GIVEN RECORDS: Begin

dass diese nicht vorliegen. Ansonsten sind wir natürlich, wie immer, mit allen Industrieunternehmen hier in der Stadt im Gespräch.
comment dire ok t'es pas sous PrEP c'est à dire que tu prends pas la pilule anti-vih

GIVEN RECORDS: End
GIVEN RECORDS: Begin

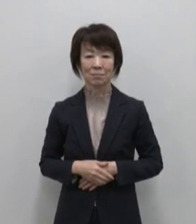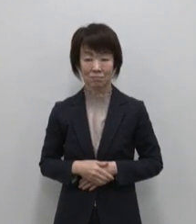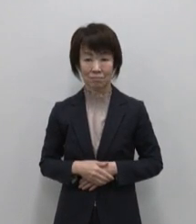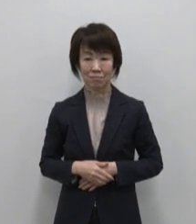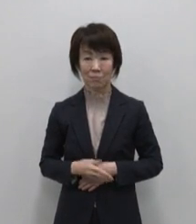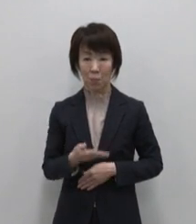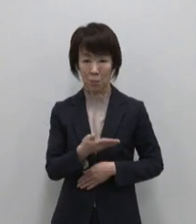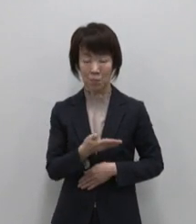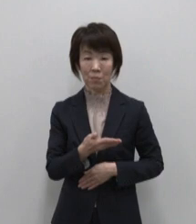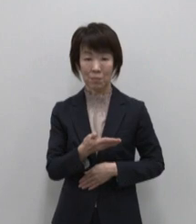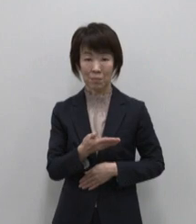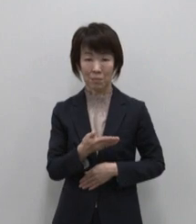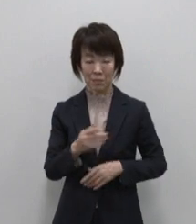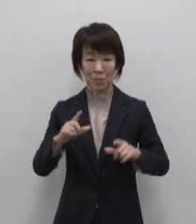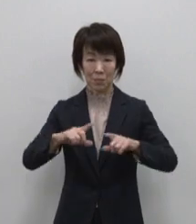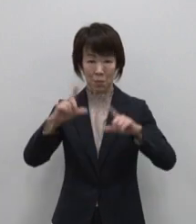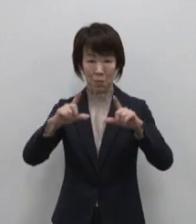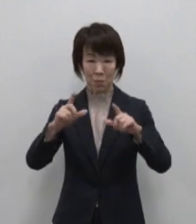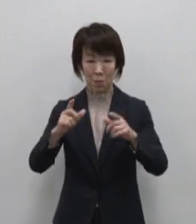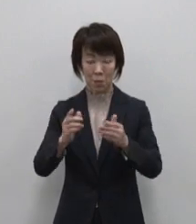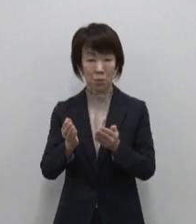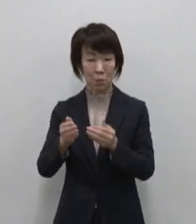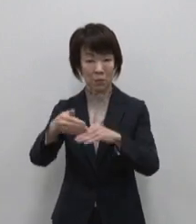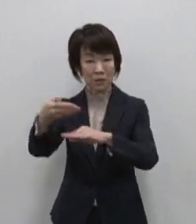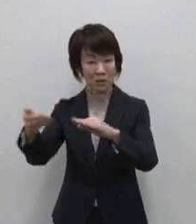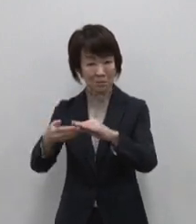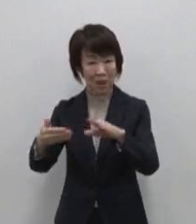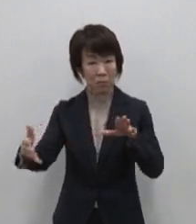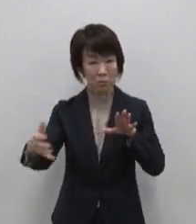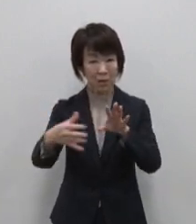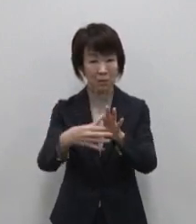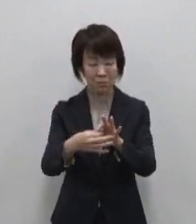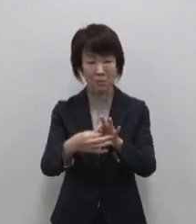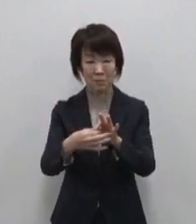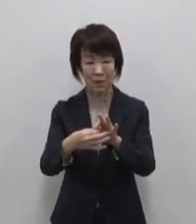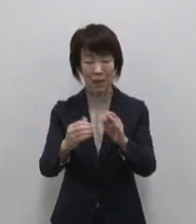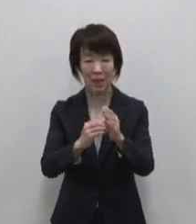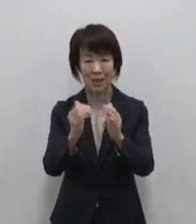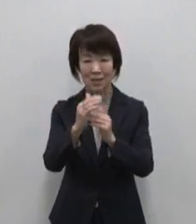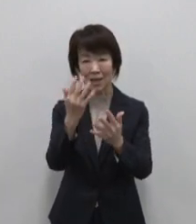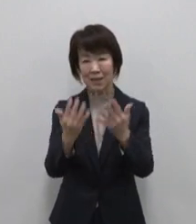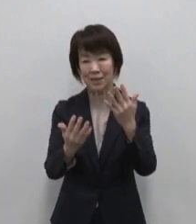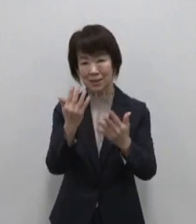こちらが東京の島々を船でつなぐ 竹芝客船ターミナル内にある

GIVEN RECORDS: End

WORK INSTRUCTION
In the listing above, find the line with "dass diese nicht" and the line with "comment dire ok". Output those two lines and every line between them, exactly as written.

WRITTEN SOLUTION
dass diese nicht vorliegen. Ansonsten sind wir natürlich, wie immer, mit allen Industrieunternehmen hier in der Stadt im Gespräch.
comment dire ok t'es pas sous PrEP c'est à dire que tu prends pas la pilule anti-vih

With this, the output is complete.